SOURCE DATA:
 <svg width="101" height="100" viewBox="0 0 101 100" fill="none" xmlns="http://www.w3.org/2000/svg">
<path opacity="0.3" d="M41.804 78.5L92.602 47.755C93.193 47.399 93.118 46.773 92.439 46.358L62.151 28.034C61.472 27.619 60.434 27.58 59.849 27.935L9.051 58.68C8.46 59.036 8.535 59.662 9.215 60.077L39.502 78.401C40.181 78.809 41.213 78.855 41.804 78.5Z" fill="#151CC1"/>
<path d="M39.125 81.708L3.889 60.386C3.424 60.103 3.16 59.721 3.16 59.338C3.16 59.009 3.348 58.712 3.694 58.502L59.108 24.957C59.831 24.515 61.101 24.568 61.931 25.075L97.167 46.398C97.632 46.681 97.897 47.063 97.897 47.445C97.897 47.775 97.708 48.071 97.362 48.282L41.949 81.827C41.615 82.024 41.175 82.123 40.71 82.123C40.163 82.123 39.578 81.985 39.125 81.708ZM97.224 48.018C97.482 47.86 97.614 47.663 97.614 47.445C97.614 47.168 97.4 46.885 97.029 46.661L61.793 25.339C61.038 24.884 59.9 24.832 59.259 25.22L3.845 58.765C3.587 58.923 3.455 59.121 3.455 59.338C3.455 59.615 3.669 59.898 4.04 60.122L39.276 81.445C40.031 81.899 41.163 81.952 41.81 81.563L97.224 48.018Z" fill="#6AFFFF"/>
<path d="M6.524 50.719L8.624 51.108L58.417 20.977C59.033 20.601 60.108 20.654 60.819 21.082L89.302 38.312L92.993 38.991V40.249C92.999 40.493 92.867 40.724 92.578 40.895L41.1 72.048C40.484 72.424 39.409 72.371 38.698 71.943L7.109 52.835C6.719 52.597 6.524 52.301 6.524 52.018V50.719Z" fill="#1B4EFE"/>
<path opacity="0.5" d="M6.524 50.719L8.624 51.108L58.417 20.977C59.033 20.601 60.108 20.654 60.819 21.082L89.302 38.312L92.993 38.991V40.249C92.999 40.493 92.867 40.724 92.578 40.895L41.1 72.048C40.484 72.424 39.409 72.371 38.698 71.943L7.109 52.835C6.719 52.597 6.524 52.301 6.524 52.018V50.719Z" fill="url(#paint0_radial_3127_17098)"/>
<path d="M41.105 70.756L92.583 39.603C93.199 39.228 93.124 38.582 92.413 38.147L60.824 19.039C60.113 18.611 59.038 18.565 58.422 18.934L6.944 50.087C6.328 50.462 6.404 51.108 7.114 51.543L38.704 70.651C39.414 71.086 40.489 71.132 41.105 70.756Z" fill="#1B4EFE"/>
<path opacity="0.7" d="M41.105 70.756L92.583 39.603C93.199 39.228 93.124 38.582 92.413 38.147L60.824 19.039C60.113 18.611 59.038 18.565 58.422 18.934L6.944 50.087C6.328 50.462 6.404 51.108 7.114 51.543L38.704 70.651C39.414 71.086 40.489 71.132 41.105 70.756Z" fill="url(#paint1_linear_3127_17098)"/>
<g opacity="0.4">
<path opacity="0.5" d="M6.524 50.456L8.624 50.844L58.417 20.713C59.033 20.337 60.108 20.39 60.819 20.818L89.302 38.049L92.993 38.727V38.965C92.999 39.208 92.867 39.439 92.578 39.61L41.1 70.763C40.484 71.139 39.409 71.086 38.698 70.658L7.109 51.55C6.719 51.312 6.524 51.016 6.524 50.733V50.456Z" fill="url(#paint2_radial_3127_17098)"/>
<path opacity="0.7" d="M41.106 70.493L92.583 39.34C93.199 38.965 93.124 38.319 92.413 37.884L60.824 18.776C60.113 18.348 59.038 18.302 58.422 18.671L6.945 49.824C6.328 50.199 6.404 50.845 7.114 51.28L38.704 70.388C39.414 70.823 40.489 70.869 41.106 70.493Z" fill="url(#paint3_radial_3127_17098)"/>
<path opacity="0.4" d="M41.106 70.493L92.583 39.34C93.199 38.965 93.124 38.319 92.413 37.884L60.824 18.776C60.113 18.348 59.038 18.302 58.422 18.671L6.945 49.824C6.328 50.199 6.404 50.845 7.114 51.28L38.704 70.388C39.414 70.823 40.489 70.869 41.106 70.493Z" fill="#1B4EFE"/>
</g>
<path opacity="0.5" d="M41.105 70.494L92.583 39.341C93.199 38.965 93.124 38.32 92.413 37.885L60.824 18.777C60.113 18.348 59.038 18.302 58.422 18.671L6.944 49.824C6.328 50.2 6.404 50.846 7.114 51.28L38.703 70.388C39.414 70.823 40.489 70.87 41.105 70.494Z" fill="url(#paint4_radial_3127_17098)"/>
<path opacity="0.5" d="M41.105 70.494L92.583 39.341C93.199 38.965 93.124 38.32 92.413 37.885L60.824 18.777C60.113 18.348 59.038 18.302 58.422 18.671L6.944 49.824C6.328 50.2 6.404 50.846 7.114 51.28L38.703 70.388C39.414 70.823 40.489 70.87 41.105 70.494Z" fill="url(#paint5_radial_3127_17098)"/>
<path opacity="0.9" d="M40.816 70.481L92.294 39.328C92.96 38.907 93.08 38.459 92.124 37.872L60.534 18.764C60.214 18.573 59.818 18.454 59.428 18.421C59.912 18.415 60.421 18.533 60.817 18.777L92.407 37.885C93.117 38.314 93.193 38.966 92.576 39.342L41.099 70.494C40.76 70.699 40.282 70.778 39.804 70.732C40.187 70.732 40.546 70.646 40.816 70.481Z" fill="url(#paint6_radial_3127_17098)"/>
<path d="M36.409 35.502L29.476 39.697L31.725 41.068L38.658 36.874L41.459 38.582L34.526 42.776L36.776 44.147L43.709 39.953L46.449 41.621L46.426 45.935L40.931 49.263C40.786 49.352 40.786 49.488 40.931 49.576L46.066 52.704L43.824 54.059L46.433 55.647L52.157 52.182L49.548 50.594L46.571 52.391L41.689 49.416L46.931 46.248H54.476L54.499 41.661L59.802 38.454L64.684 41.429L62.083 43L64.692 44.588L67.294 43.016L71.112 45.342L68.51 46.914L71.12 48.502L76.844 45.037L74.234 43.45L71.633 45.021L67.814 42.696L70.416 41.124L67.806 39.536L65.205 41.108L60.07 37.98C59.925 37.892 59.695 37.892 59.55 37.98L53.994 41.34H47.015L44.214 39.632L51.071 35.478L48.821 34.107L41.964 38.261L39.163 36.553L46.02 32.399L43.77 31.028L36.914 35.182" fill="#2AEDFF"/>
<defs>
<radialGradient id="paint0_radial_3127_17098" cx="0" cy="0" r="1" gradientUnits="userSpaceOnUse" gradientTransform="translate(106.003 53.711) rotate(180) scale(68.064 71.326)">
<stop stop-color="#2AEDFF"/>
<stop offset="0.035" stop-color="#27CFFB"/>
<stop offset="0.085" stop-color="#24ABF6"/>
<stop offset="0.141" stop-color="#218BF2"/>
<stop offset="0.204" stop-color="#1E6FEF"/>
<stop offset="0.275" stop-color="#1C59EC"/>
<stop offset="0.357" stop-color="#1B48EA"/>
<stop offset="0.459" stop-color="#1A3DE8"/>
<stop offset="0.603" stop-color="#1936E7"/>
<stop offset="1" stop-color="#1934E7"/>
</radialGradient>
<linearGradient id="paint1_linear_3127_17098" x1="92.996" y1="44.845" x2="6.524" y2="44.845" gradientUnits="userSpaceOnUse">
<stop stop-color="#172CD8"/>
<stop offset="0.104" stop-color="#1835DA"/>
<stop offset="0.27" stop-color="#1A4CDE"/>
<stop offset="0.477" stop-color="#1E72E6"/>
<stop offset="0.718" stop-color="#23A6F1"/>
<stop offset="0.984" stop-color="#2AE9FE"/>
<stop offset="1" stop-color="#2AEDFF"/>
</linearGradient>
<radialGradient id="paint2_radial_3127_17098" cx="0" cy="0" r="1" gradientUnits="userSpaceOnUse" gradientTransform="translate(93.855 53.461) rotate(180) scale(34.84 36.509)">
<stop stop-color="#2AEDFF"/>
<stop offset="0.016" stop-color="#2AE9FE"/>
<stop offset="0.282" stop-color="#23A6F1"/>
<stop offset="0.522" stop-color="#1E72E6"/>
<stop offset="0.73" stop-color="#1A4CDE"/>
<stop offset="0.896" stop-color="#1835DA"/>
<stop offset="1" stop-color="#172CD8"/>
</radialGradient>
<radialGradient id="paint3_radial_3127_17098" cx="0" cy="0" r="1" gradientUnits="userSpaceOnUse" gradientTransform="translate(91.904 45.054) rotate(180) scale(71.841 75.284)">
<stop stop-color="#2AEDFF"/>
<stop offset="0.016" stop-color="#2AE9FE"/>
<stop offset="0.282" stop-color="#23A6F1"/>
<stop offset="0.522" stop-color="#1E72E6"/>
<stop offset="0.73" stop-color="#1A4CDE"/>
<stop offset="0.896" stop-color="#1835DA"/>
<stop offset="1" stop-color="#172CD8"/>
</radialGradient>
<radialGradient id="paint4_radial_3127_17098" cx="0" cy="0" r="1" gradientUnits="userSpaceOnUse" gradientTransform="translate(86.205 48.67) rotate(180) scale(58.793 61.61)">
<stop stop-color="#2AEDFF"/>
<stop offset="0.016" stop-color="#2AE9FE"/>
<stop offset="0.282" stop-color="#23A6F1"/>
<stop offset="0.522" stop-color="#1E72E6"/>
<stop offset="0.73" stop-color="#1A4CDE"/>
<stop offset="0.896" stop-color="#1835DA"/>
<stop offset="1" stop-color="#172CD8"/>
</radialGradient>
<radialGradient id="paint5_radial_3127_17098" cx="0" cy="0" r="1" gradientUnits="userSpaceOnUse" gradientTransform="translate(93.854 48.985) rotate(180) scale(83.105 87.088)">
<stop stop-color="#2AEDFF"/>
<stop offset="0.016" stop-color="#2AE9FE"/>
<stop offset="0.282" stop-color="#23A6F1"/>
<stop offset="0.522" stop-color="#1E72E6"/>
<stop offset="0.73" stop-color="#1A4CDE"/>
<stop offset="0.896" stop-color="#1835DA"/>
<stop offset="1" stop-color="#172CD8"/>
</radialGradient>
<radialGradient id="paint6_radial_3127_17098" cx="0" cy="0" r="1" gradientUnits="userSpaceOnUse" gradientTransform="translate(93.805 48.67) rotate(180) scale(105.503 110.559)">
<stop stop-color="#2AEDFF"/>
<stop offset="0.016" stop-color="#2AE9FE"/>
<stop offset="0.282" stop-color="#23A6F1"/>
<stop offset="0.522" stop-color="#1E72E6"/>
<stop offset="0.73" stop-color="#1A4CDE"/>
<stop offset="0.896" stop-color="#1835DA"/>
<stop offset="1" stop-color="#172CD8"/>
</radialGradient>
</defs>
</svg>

TASK TO COMPLETE:
Using the listing above, report each line that mentions the word "linearGradient".

EXERCISE ANSWER:
<linearGradient id="paint1_linear_3127_17098" x1="92.996" y1="44.845" x2="6.524" y2="44.845" gradientUnits="userSpaceOnUse">
</linearGradient>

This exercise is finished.